Así que mi padre salió corriendo por los corredores desiertos hasta llegar a su puesto de vigilancia con la intención de activar la alarma, pero se contuvo a tiempo, si ella merecía la pena máxima, también sobre él recaería un terrible castigo. Optó más bien por encerrarse en su pequeño cubículo con la esperanza de que las intercámaras 3Z le mostraran a la mujer saliendo por el mismo pasillo por donde entró, como en efecto sucedió. Y hasta que no la vio convertida en un lejano punto confundiéndose con las paredes marrones, su corazón no comenzó a desacelerar la marcha.
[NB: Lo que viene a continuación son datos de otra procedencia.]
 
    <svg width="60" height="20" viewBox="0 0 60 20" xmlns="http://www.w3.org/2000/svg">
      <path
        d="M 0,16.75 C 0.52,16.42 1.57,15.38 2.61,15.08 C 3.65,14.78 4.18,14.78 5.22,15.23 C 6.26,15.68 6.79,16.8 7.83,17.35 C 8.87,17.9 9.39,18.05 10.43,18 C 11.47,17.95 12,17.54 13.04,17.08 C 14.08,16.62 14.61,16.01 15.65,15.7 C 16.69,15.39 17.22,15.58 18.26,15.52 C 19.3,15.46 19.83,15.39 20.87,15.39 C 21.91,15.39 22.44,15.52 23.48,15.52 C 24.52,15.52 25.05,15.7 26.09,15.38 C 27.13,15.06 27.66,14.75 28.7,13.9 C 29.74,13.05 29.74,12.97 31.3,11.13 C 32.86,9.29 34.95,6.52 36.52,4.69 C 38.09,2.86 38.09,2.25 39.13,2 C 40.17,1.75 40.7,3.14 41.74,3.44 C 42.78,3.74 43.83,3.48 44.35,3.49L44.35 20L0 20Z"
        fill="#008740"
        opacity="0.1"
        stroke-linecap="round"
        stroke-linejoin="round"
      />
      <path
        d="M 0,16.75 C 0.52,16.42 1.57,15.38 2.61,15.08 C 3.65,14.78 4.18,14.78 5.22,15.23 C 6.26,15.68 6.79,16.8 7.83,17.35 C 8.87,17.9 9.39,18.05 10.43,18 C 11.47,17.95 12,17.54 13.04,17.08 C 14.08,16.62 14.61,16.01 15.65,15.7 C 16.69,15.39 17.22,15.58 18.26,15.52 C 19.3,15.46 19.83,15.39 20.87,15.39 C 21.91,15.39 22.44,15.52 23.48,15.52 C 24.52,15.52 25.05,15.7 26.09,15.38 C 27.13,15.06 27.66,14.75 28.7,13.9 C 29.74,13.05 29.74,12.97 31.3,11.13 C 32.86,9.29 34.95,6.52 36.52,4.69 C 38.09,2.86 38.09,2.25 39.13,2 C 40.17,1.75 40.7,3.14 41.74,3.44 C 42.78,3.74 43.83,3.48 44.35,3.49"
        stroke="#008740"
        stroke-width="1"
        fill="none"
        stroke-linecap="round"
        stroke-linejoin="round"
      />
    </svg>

Pero no creas que él me lo contó de esa manera, más bien fui yo quien se dedicó a armar la historia a base de fragmentos que fue soltando a lo largo de los años durante nuestros encuentros semanales de pared-pantalla completa; y ayudada también por mi natural tendencia a la fantasía, ya sabes. Pero lo que sí te aseguro que le oí decir muchas veces, y siempre con absoluta convicción, era eso de que la gente antes se tocaba y friccionaban cuerpos y bocas.

No sé por qué, pero mi intuición me dice que algo de verdad debe haber allí. Y ahora te dejo… ¡Espera! Antes quítate la bata de encima y aleja un poco la cámara: enséñame otra vez esa parte de tu cuerpo que tanta gracia me hace. Muévelo como el otro día, a lo mejor hasta te sale la leche esa y podemos crear un hijo. Tengo una amiga que trabaja en un instituto de preservación de la especie y dice que personalmente vigilaría el desarrollo de nuestros fluidos. Te prometo que si eso sucede acepto por fin que hagas el close-up de mis ojos de ámbar, o color miel, como dices tú.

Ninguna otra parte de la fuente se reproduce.